Session 1527: Borders as Areas of Control

Thursday 7 July 2022, 09.00-10.30

Moderator/Chair:Lucas Villegas-Aristizábal, Bader International Study Centre, Herstmonceux Castle, Queen's University, Ontario
Paper 1527-aBorder inside Borders: Forms and Functions of Boundaries Related to Medieval Castles in the Rural Landscape
(Language: English)
Martina Bernardi, Dipartimento di Studi Umanistici, Università degli Studi Roma Tre
Index terms: Archaeology - General, Archaeology - Sites
Paper 1527-bSettlements and Frontiers around São Mamede's Hill in the Middle Ages
(Language: English)
Ana Cristina Santos Leitão, Faculdade de Letras, Universidade de Lisboa
Index terms: Historiography - Medieval, Local History
Paper 1527-c(Illegally) Crossing Thresholds: Passing as Animals in the Human-Controlled Landscape
(Language: English)
Anthony Revelle, Department of Romance Languages & Literatures, University of Michigan
Index terms: Language and Literature - French or Occitan
Abstract

Paper -a:
Castles are fortified structures that have shown different forms and functions over the centuries, closely related to the historical and territorial context in which the structures were built. However, these realities in the rural landscape have two characteristics connected with boundaries and landscape: to border and to be borded. Castles often (but not always during the Middle Ages) have the function of enclosing the population within the walls, but at the same time these are structures located within other borders. This paper aims to illustrate all the borders evidence related to medieval castles in the Italian context.

Paper -b:
The main research question of this PhD dissertation is the formation of the urban network composed by 8 villages, located around the Serra de São Mamede. The spatio-temporal delimitation of the research field, is in Alto Alentejo region in the kingdom of Portugal and the chronological scope defined is from the 13th to 15th centuries.

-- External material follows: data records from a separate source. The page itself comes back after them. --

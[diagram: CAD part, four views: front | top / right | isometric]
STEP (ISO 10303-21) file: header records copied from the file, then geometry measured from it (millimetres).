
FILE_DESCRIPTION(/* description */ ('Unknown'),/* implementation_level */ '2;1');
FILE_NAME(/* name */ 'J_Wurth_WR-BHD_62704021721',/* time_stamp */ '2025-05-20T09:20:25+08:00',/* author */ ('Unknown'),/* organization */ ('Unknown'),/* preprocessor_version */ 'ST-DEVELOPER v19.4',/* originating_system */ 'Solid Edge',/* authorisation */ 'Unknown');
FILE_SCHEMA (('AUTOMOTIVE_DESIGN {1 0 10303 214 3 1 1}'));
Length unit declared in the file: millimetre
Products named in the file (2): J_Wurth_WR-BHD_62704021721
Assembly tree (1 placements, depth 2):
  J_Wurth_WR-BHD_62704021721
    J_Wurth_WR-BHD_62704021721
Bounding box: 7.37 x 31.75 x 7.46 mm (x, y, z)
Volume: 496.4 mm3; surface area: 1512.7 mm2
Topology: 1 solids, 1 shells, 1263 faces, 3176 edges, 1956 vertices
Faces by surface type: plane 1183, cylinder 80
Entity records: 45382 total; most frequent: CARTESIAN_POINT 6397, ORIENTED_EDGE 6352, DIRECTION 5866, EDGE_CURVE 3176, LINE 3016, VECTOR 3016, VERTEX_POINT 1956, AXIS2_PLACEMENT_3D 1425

The network originated in the process of Christian reconquest, of Iberia Peninsula, and was created from the need to populate an almost desert area that needed to be occupied in order to create a land border with the kingdom of Castile in an offensive/defensive logic for that territory, which represented a strategic physical barrier.

Paper -c:
In Guillaume de Palerne, written c.1200 in Old French, the daughter of the emperor of Rome escapes her father's authority by fleeing the city disguised as a bear with the young knight she wants to marry. The lovers' flight depends upon their ability to pass as animals as their journey involves a succession of landscapes (countryside, wilderness, gardens, and a quarry) that are all, in various ways, under the dominion of the emperor or of other lords. This paper proposes to read this chivalric romance in terms of how a medieval author imagines an animal perspective on landscapes that are designed for human intents. For this purpose, I read Guillaume de Palerne alongside a tale of the Roman de Renart, that stages the adventures of a noble fox robbing rich peasants and monks, for Renart presents a case study of envisioning a rural landscape at animal height while metaphorically reasserting the noble dominion over the countryside. This comparative approach aims to investigate the place of wild(er)ness within noble identities as within medieval landscapes, through the series of crossed thresholds staged in these texts.